The default value for dynamicdateformats is:
[ "strict_date_optional_time","yyyy/MM/dd HH:mm:ss Z||yyyy/MM/dd Z"]
nested_object_numeric_detection
Type: bool
Default: true
While JSON has support for native floating point and integer data types, some applications or languages may sometimes render numbers as strings. Usually the correct solution is to map these fields explicitly, but numeric detection (which is disabled by default) can be enabled to do this automatically.
nested_object_text_mapping
Type: String (as JSON)
Default: {
"type": "keyword",
"ignore_above": 10922,
"normalizer": "lowercase",
"copy_to": "zdb_all"
}
By default, ZomboDB will map "string" properties found in nested objects (fields of type 'json' or 'jsonb') using the above type mapping -- they'll be indexed as full-value keywords.
You can override this at CREATE INDEX
time.
Advanced Options
include_source
Type: bool, default 'true'
Should the source of each row be included in the _source field of the document within Elasticsearch?
Turning this off is useful for reducing the size of the documents, but it's not recommended for production use.
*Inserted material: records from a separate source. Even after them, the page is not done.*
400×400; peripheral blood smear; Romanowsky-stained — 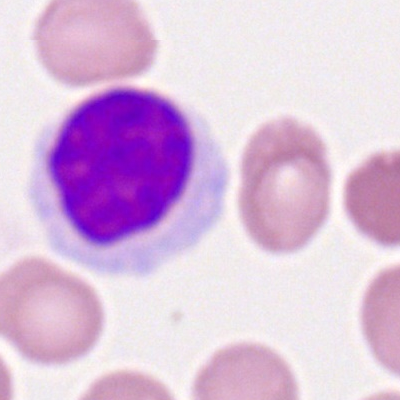

Specimen: peripheral blood film.
Cell type: typical lymphocyte.
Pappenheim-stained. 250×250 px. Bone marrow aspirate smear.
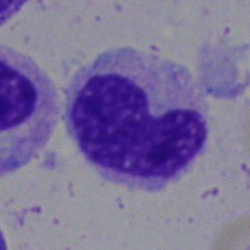
Specimen: bone marrow smear.
Morphological class: stab cell.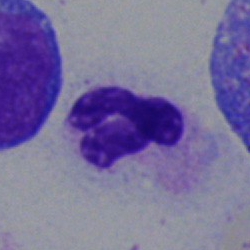
Neutrophil (segmented).
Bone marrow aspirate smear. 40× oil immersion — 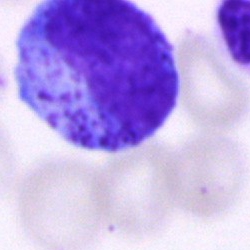Cell — progranulocyte.
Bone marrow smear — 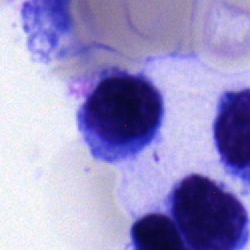
Q: What cell is this?
A: This is a lymphocyte.
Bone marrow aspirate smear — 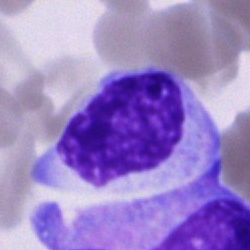 An unidentifiable cell.
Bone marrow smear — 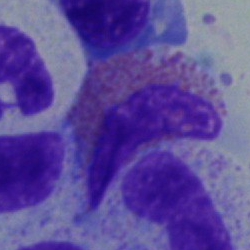

Single cell identified as an eosinophilic granulocyte.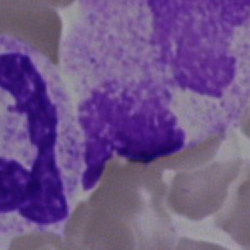An artifact on a bone marrow smear.
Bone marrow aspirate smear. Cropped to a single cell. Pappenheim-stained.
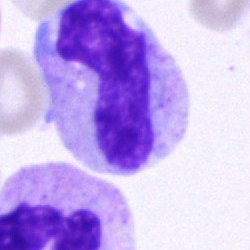 Q: What type of cell is this?
A: Band-form neutrophil.
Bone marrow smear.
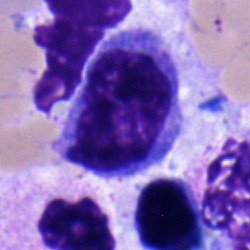

This is a monocyte.
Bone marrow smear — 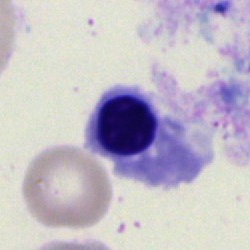Cell type: nucleated red blood cell.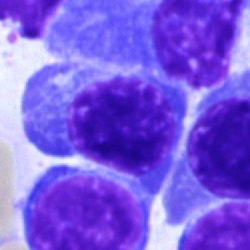

Cell type: nucleated red blood cell.
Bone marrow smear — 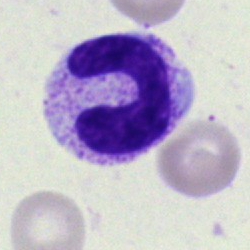

Cell — stab cell.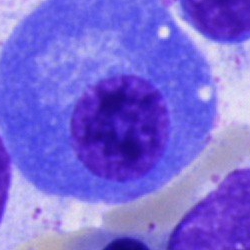
Cell type = plasma cell.
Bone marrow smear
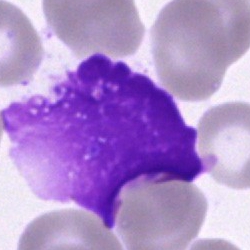
Single cell identified as an artefact.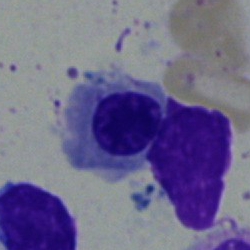The classification is nucleated red blood cell.
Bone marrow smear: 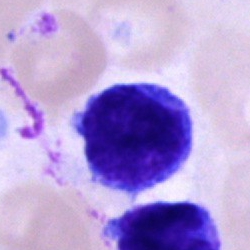
Morphology → undifferentiated blast.
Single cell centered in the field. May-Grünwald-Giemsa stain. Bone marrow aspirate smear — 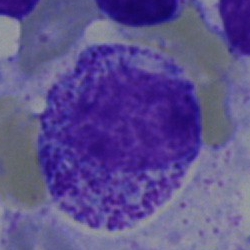 Impression — promyelocyte.
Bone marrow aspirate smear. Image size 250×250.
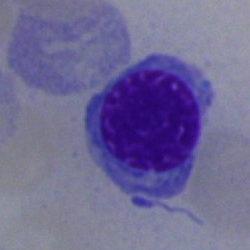
Nucleated red cell.
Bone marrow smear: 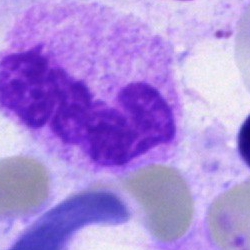 Single cell identified as an artifact.
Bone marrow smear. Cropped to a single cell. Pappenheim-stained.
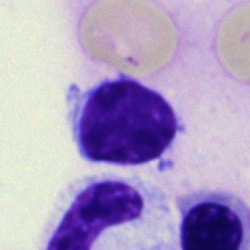

This is a lymphocyte.
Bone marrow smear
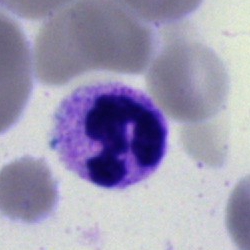
Q: Which cell type is shown here?
A: This is a neutrophil (segmented).
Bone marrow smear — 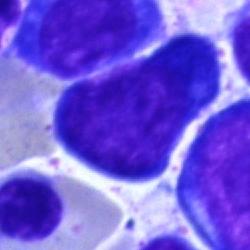

Cell — nucleated red cell.
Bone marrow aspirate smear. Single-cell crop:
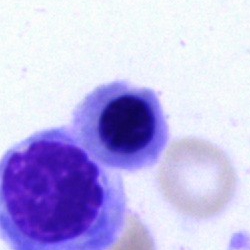

Specimen: bone marrow smear.
Classification: nucleated red cell.
Lineage: erythroid.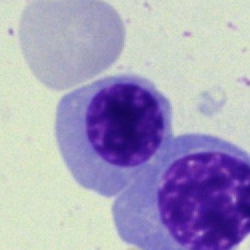 Morphology consistent with a normoblast.
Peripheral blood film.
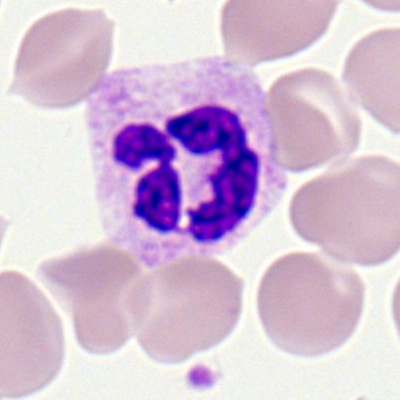 Specimen: peripheral blood film.
Cell: neutrophil (segmented).
Lineage: myeloid.

The primary problem with this is that it makes it impossible to properly UPDATE/DELETE rows. This is for experts only.
options
Type: comma-separated String of index link definitions
options
is a ZomboDB-specific string that allows you to define how this index relates to other indexes. This is an
advanced-use feature and is documented here.
Changes via ALTER INDEX
take effect immediately.
field_lists
Type: comma-separated String
Allows to define lists fields that, when queried, are dynamically expanded to search their defined list of other fields. The syntax for this setting is:
field_lists='fake_field1=[a, b, c], fake_field2=[d,e,f], ...'
This can be useful, for example, for searching all "date" fields at once, or defining a set of fields that represent "names" or "locations". Note that each field in a list must be of the same underlying Postgres data type.
Changes via ALTER INDEX
take effect immediately.